La única certeza, que era la gran cantidad de votos bronca que se esperaba, también parece diluirse tras un año de mucha incertidumbre. Es difícil saber qué pesará más, si la bronca con los partidos y los políticos o la necesidad de terminar con una incertidumbre que se convierte en frustración ante la dificultad objetiva para transformar ese movimiento de protesta en una herramienta política que la exprese con nuevas propuestas y actitudes. Pese a que sólo se trata de elegir presidente y vice, y por lo tanto las expectativas tendrían que ser aún menores que en una legislativa como la de octubre del año pasado, es probable que el voto bronca sea menor que en esa ocasión.
En realidad, la incertidumbre llega incluso a las posibles elecciones. Son pocos a esta altura los que están convencidos de que efectivamente podrán votar en abril, porque el enfrentamiento en el seno del PJ entre Duhalde y Menem determina fechas y acciones. Y el precario acuerdo alcanzado por los justicialistas para impulsar una más que polémica Ley de Lemas no tiene asegurado su convalidación. Por el Congreso primero y, si pasa, por una Justicia que siempre la consideró inconstitucional. No se sabe quién puede ganar esas elecciones ni el alcance de una u otra fuerza. En realidad, ni siquiera se sabe si habrá elecciones. Es el país de lo incierto.
La confusión evidente en el plano de la política parece contradecirse con la realidad de movilizaciones, actos y marchas masivas y casi permanentes a lo largo del año y relativiza la idea de que sólo con ellas se puede gestar una propuesta de poder popular o de izquierda. Por el contrario, lo que pone de manifiesto es la existencia de un espacio concreto que no se llena y de una expectativa que no es satisfecha por quienes deberían asumir la responsabilidad de hacerlo, tanto desde el movimiento social como desde los partidos populares y de izquierda.

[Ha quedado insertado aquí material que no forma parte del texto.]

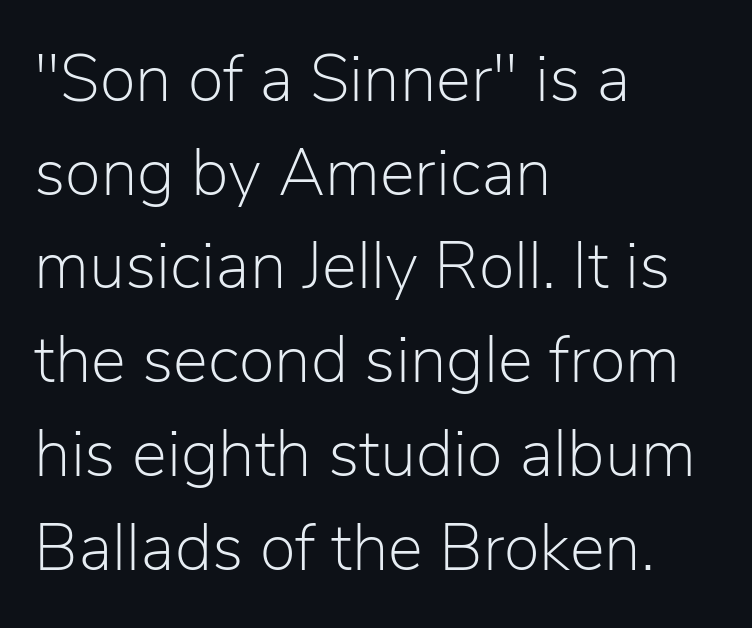
{"serif": "no", "italic": "no", "bold": "no", "weight": "light", "width": "normal", "stroke_contrast": "low", "x_height": "medium", "monospaced": "no", "underline": "no", "align": "left", "line_spacing": "normal", "line_spacing_ratio": 1.42, "letter_spacing": "normal", "letter_spacing_em": 0.0, "glyph_px": 66}

La expectativa puede entonces desembocar en desilusión entre quienes reclamaron protagonismo y salieron a la calle en la rebelión del 19 y 20 de diciembre de 2001 y después de un año deben asistir como expectadores a la pelea por el título pesado entre Duhalde y Menem sin tener o reconocer una voz propia para terciar en una disputa que nuevamente decidirá sus destinos. Hasta el mismo movimiento piquetero, muy vulnerable por su dependencia de los planes Trabajar y el poco tiempo de consolidación de muchos de los agrupamientos, corre el riesgo de dispersión de sus bases si no acierta a formular una propuesta política que contenga a los distintos grupos más allá de las estrechas filas partidarias. De los dos millones de planes que se distribuyen, el movimiento piquetero organizado maneja algo más de 200 mil y es seguro que el PJ, cuando tome un poco de oxígeno, tratará de recuperar ese espacio.
Son pocos los que creen que en estas elecciones, si es que las hay, se podrían generar cambios de fondo, no porque las elecciones en sí no sirvan, sino porque no existe una fuerza capaz de concretarlos. Las elecciones pueden generar cambios si existe una organización política sólida para realizarlos. La adhesión electoral por sí sola es volátil y no genera compromiso por parte del votado ni del que vota, como se ha demostrado en otras experiencias a lo largo de los años. Sin embargo, en un país donde todo es incierto, donde la incertidumbre política es el contexto de la crisis económica y social, estas elecciones de abril, si se realizan, tendrían por lo menos el mérito de dibujar el nuevo mapa político de la Argentina, confirmarían estrategias o terminarían con ilusiones, cerrarían debates infinitos y estériles o les darían un marco de razonabilidad. Porque en el país de lo incierto todos pueden tener la razón y todos dudan de que la tengan. Y sobre todo porque la incertidumbre sin proyecto en el campo popular es la madre de los gobiernos de derecha.